You just can’t take the nut out of wingnut. Reports come to Spot that Pat Anderson, in an apparent attempt to get some traction against the prohibitive [chortle] front runner for the GOP nod for governor, Lonely Boy Marty Seifert, says, “Why yes, we can have school vouchers in Minnesota. We can! We can!” She goes on to say that David Hann, another GOP aspirant to Tpaw’s porcelain throne, has been working so hard on vouchers that they just have to be possible.
We’re in “Obama was born in Kenya” or “the Democrats want to kill Grandma” territory here. This is well settled. In response to some hallucinations about school vouchers that Craig Westover, affectionately know as “Captain Fishsticks,” had some time ago, Spot wrote about it.
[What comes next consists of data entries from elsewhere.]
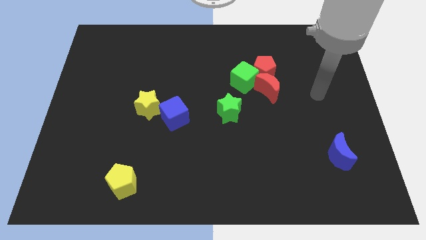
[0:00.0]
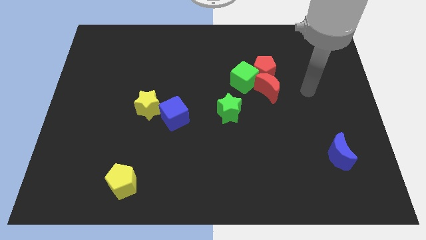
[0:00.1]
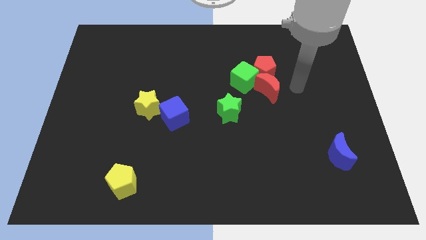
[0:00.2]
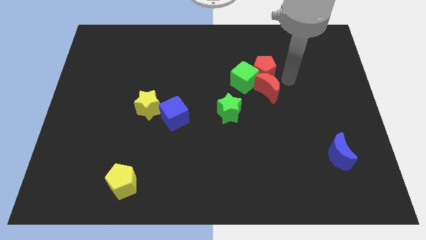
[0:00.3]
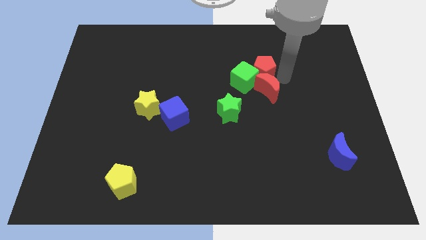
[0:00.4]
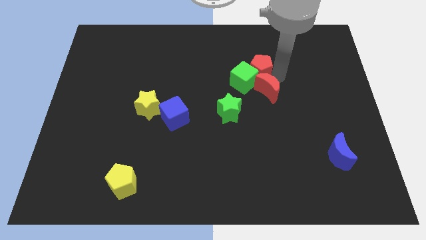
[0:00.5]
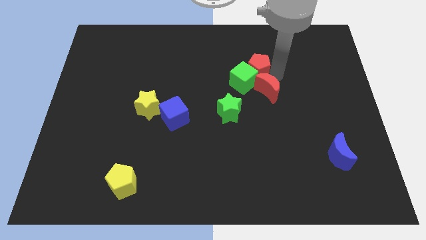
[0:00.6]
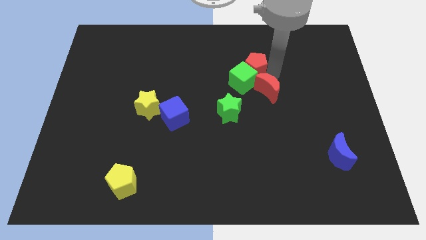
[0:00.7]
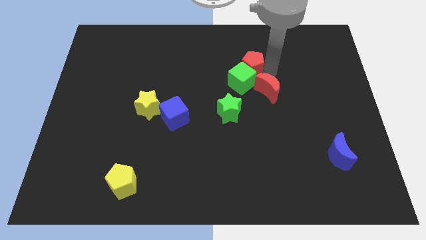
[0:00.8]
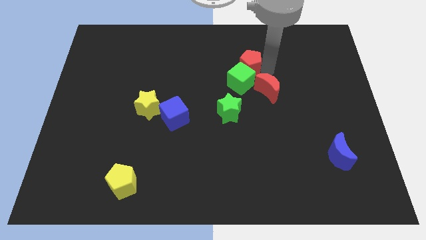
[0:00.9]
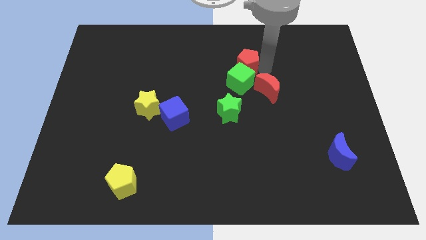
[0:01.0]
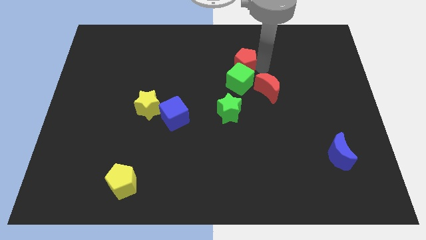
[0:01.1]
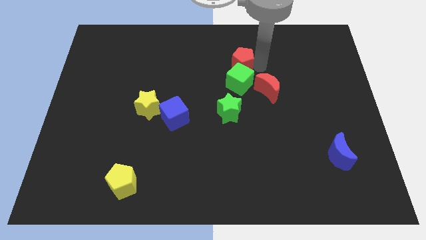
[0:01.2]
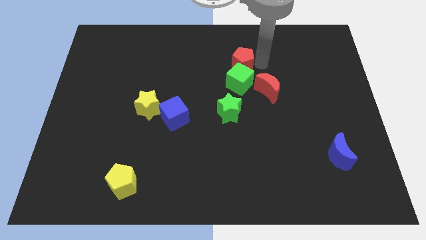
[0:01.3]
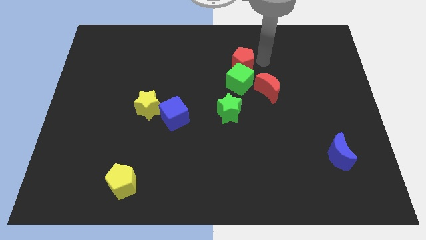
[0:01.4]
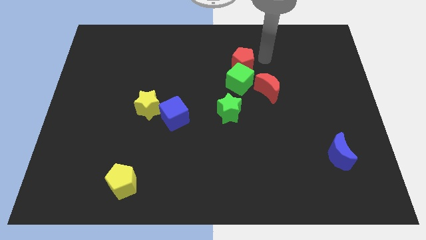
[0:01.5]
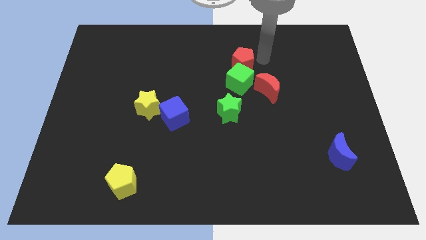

Interestingly, both Pat and Sticks swim these days in the same brackish water tank, the Minnesota Free Market Institute. Anyway, here’s what Spot wrote:
The Legislature’s appetite for school vouchers is waning, as Rep. Buesgens and his buddy Captain Fishsticks found out this spring.
Oh, by the way, boys and girls, did you know that Minnesota used to have a voucher-like scheme for private, including sectarian, schools? Well, it did until the Legislature got spanked by the Minnesota Supreme Court in MCLU v. State (oh, vile MCLU!) in 1974. It was called a tax credit system, where private school tuition up to a certain amount could be credited against Minnesota income tax, and if the credit was bigger than the tax owed, the state would send you the difference. Vouchers without the actual coupon.
The Court said, in a unanimous opinion, what? Are you nuts? (That’s Spot’s paraphrase, anyway.) It’s a violation of the separation of church and state. The Court ruled on US constitutional grounds, but noted that Minnesota also had this constitutional provision:
Article XIII, Section 2. Prohibition as to aiding sectarian school In no case shall any public money or property be appropriated or used for the support of schools wherein the distinctive doctrines, creeds or tenets of any particular Christian or other religious sect are promulgated or taught.
Spot has written many times that vouchers will remain merely a gleam in Captain Fishsticks’ eyes. [And apparently Pat Anderson’s, too!]
Update: cite for MCLU v. State: 302 Minn. 216, 224 N.W.2d 344 (1974)
Spot says to his Republican readers: beware anybody who peddles the snake oil of school vouchers in Minnesota. They’re charlatans. School vouchers are not even remotely possible politically in Minnesota, and they’re unconstitutional on top of it.
Find yourself a nice Birther, or Deather, or even, Tenther; they’re much more realistic.